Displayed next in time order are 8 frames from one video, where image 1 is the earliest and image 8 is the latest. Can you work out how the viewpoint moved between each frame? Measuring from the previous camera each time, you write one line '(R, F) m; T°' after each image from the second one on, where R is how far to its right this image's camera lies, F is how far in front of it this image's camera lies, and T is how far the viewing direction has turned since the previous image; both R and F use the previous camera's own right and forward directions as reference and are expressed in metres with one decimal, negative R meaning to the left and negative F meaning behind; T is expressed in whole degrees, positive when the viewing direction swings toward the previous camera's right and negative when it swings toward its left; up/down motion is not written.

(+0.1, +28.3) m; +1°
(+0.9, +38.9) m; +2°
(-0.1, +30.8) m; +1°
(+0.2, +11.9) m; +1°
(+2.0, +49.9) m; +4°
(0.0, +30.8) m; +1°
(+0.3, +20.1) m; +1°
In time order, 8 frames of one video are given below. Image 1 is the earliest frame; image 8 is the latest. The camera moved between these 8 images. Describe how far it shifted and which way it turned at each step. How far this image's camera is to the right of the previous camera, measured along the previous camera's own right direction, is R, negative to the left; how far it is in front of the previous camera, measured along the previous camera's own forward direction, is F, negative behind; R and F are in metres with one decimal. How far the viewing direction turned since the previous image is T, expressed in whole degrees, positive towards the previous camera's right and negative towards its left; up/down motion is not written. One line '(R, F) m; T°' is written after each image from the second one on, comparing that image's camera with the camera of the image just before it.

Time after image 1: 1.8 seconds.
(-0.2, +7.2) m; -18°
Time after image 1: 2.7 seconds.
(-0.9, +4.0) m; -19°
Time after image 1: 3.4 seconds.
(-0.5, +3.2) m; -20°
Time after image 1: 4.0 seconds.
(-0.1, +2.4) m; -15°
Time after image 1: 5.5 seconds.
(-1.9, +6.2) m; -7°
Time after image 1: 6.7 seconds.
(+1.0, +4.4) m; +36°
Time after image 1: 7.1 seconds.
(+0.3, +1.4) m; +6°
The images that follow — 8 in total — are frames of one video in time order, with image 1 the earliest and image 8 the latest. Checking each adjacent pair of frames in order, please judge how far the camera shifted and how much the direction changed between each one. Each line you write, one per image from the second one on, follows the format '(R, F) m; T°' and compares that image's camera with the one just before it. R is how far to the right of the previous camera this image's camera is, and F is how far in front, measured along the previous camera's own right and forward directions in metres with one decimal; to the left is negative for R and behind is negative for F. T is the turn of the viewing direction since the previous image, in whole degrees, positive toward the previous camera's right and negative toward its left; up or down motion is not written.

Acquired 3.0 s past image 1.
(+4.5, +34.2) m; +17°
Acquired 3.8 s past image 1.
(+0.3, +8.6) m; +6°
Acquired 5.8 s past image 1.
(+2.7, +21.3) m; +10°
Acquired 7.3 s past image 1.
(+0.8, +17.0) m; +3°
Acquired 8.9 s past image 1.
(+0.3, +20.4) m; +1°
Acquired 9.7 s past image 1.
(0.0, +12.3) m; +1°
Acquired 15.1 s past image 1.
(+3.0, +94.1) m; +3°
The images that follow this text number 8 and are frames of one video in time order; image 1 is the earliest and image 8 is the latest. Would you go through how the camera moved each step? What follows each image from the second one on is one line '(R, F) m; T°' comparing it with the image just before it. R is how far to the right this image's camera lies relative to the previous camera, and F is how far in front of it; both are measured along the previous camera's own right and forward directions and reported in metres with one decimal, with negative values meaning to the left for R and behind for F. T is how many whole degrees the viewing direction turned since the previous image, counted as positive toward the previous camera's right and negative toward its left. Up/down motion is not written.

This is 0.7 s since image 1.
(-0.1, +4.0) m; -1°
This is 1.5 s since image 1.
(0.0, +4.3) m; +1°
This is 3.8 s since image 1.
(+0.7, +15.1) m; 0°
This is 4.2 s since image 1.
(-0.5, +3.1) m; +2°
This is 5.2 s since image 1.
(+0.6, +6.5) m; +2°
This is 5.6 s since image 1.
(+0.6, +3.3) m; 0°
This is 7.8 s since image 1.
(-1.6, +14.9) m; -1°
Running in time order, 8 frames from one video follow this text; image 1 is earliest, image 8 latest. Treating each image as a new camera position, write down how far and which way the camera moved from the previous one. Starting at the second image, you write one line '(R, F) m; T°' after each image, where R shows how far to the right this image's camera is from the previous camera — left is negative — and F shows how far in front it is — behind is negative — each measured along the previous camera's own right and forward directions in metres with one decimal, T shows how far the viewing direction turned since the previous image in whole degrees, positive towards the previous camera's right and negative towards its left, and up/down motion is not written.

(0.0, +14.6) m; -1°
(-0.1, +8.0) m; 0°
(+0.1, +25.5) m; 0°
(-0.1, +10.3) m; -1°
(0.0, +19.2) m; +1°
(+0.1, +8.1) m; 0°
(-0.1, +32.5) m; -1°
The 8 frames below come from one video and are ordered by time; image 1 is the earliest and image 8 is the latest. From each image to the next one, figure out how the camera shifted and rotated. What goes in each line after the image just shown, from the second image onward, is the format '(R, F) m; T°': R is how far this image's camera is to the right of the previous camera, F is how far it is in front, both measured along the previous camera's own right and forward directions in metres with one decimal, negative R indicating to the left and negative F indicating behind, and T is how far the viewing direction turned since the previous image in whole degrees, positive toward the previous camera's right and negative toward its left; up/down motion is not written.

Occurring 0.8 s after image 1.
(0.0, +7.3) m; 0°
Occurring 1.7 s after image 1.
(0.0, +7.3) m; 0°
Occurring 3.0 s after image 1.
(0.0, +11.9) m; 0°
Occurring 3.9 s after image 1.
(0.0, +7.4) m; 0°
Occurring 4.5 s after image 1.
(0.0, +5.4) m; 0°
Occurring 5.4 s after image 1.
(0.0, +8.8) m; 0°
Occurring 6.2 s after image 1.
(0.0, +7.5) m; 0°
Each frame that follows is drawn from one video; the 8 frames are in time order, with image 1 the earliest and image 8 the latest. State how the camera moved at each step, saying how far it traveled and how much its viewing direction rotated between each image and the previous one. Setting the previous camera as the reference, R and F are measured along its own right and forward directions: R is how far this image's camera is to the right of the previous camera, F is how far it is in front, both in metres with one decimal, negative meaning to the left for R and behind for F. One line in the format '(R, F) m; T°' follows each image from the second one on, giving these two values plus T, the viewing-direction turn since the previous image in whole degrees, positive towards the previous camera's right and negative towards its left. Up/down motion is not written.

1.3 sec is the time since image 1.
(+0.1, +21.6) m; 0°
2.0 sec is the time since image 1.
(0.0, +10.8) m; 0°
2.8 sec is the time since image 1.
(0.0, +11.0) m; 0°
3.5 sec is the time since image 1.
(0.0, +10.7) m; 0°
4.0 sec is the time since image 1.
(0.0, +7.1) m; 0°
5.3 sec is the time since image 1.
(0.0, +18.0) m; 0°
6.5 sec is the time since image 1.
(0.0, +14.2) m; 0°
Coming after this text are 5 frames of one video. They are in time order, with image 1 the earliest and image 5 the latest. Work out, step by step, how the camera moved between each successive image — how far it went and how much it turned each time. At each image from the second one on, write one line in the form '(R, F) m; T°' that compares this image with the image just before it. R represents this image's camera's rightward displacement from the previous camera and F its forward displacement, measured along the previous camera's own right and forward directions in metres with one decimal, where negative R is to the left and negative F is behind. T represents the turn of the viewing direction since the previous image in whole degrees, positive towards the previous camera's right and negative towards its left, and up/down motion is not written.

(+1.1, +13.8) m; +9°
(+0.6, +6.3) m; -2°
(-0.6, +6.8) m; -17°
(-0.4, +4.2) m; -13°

════════

Every record must be repeated precisely and in full.

Displayed next in time order are 8 frames from one video, where image 1 is the earliest and image 8 is the latest. Can you work out how the viewpoint moved between each frame? Measuring from the previous camera each time, you write one line '(R, F) m; T°' after each image from the second one on, where R is how far to its right this image's camera lies, F is how far in front of it this image's camera lies, and T is how far the viewing direction has turned since the previous image; both R and F use the previous camera's own right and forward directions as reference and are expressed in metres with one decimal, negative R meaning to the left and negative F meaning behind; T is expressed in whole degrees, positive when the viewing direction swings toward the previous camera's right and negative when it swings toward its left; up/down motion is not written.

(+0.1, +28.3) m; +1°
(+0.9, +38.9) m; +2°
(-0.1, +30.8) m; +1°
(+0.2, +11.9) m; +1°
(+2.0, +49.9) m; +4°
(0.0, +30.8) m; +1°
(+0.3, +20.1) m; +1°
In time order, 8 frames of one video are given below. Image 1 is the earliest frame; image 8 is the latest. The camera moved between these 8 images. Describe how far it shifted and which way it turned at each step. How far this image's camera is to the right of the previous camera, measured along the previous camera's own right direction, is R, negative to the left; how far it is in front of the previous camera, measured along the previous camera's own forward direction, is F, negative behind; R and F are in metres with one decimal. How far the viewing direction turned since the previous image is T, expressed in whole degrees, positive towards the previous camera's right and negative towards its left; up/down motion is not written. One line '(R, F) m; T°' is written after each image from the second one on, comparing that image's camera with the camera of the image just before it.

Time after image 1: 1.8 seconds.
(-0.2, +7.2) m; -18°
Time after image 1: 2.7 seconds.
(-0.9, +4.0) m; -19°
Time after image 1: 3.4 seconds.
(-0.5, +3.2) m; -20°
Time after image 1: 4.0 seconds.
(-0.1, +2.4) m; -15°
Time after image 1: 5.5 seconds.
(-1.9, +6.2) m; -7°
Time after image 1: 6.7 seconds.
(+1.0, +4.4) m; +36°
Time after image 1: 7.1 seconds.
(+0.3, +1.4) m; +6°
The images that follow — 8 in total — are frames of one video in time order, with image 1 the earliest and image 8 the latest. Checking each adjacent pair of frames in order, please judge how far the camera shifted and how much the direction changed between each one. Each line you write, one per image from the second one on, follows the format '(R, F) m; T°' and compares that image's camera with the one just before it. R is how far to the right of the previous camera this image's camera is, and F is how far in front, measured along the previous camera's own right and forward directions in metres with one decimal; to the left is negative for R and behind is negative for F. T is the turn of the viewing direction since the previous image, in whole degrees, positive toward the previous camera's right and negative toward its left; up or down motion is not written.

Acquired 3.0 s past image 1.
(+4.5, +34.2) m; +17°
Acquired 3.8 s past image 1.
(+0.3, +8.6) m; +6°
Acquired 5.8 s past image 1.
(+2.7, +21.3) m; +10°
Acquired 7.3 s past image 1.
(+0.8, +17.0) m; +3°
Acquired 8.9 s past image 1.
(+0.3, +20.4) m; +1°
Acquired 9.7 s past image 1.
(0.0, +12.3) m; +1°
Acquired 15.1 s past image 1.
(+3.0, +94.1) m; +3°
The images that follow this text number 8 and are frames of one video in time order; image 1 is the earliest and image 8 is the latest. Would you go through how the camera moved each step? What follows each image from the second one on is one line '(R, F) m; T°' comparing it with the image just before it. R is how far to the right this image's camera lies relative to the previous camera, and F is how far in front of it; both are measured along the previous camera's own right and forward directions and reported in metres with one decimal, with negative values meaning to the left for R and behind for F. T is how many whole degrees the viewing direction turned since the previous image, counted as positive toward the previous camera's right and negative toward its left. Up/down motion is not written.

This is 0.7 s since image 1.
(-0.1, +4.0) m; -1°
This is 1.5 s since image 1.
(0.0, +4.3) m; +1°
This is 3.8 s since image 1.
(+0.7, +15.1) m; 0°
This is 4.2 s since image 1.
(-0.5, +3.1) m; +2°
This is 5.2 s since image 1.
(+0.6, +6.5) m; +2°
This is 5.6 s since image 1.
(+0.6, +3.3) m; 0°
This is 7.8 s since image 1.
(-1.6, +14.9) m; -1°
Running in time order, 8 frames from one video follow this text; image 1 is earliest, image 8 latest. Treating each image as a new camera position, write down how far and which way the camera moved from the previous one. Starting at the second image, you write one line '(R, F) m; T°' after each image, where R shows how far to the right this image's camera is from the previous camera — left is negative — and F shows how far in front it is — behind is negative — each measured along the previous camera's own right and forward directions in metres with one decimal, T shows how far the viewing direction turned since the previous image in whole degrees, positive towards the previous camera's right and negative towards its left, and up/down motion is not written.

(0.0, +14.6) m; -1°
(-0.1, +8.0) m; 0°
(+0.1, +25.5) m; 0°
(-0.1, +10.3) m; -1°
(0.0, +19.2) m; +1°
(+0.1, +8.1) m; 0°
(-0.1, +32.5) m; -1°
The 8 frames below come from one video and are ordered by time; image 1 is the earliest and image 8 is the latest. From each image to the next one, figure out how the camera shifted and rotated. What goes in each line after the image just shown, from the second image onward, is the format '(R, F) m; T°': R is how far this image's camera is to the right of the previous camera, F is how far it is in front, both measured along the previous camera's own right and forward directions in metres with one decimal, negative R indicating to the left and negative F indicating behind, and T is how far the viewing direction turned since the previous image in whole degrees, positive toward the previous camera's right and negative toward its left; up/down motion is not written.

Occurring 0.8 s after image 1.
(0.0, +7.3) m; 0°
Occurring 1.7 s after image 1.
(0.0, +7.3) m; 0°
Occurring 3.0 s after image 1.
(0.0, +11.9) m; 0°
Occurring 3.9 s after image 1.
(0.0, +7.4) m; 0°
Occurring 4.5 s after image 1.
(0.0, +5.4) m; 0°
Occurring 5.4 s after image 1.
(0.0, +8.8) m; 0°
Occurring 6.2 s after image 1.
(0.0, +7.5) m; 0°
Each frame that follows is drawn from one video; the 8 frames are in time order, with image 1 the earliest and image 8 the latest. State how the camera moved at each step, saying how far it traveled and how much its viewing direction rotated between each image and the previous one. Setting the previous camera as the reference, R and F are measured along its own right and forward directions: R is how far this image's camera is to the right of the previous camera, F is how far it is in front, both in metres with one decimal, negative meaning to the left for R and behind for F. One line in the format '(R, F) m; T°' follows each image from the second one on, giving these two values plus T, the viewing-direction turn since the previous image in whole degrees, positive towards the previous camera's right and negative towards its left. Up/down motion is not written.

1.3 sec is the time since image 1.
(+0.1, +21.6) m; 0°
2.0 sec is the time since image 1.
(0.0, +10.8) m; 0°
2.8 sec is the time since image 1.
(0.0, +11.0) m; 0°
3.5 sec is the time since image 1.
(0.0, +10.7) m; 0°
4.0 sec is the time since image 1.
(0.0, +7.1) m; 0°
5.3 sec is the time since image 1.
(0.0, +18.0) m; 0°
6.5 sec is the time since image 1.
(0.0, +14.2) m; 0°
Coming after this text are 5 frames of one video. They are in time order, with image 1 the earliest and image 5 the latest. Work out, step by step, how the camera moved between each successive image — how far it went and how much it turned each time. At each image from the second one on, write one line in the form '(R, F) m; T°' that compares this image with the image just before it. R represents this image's camera's rightward displacement from the previous camera and F its forward displacement, measured along the previous camera's own right and forward directions in metres with one decimal, where negative R is to the left and negative F is behind. T represents the turn of the viewing direction since the previous image in whole degrees, positive towards the previous camera's right and negative towards its left, and up/down motion is not written.

(+1.1, +13.8) m; +9°
(+0.6, +6.3) m; -2°
(-0.6, +6.8) m; -17°
(-0.4, +4.2) m; -13°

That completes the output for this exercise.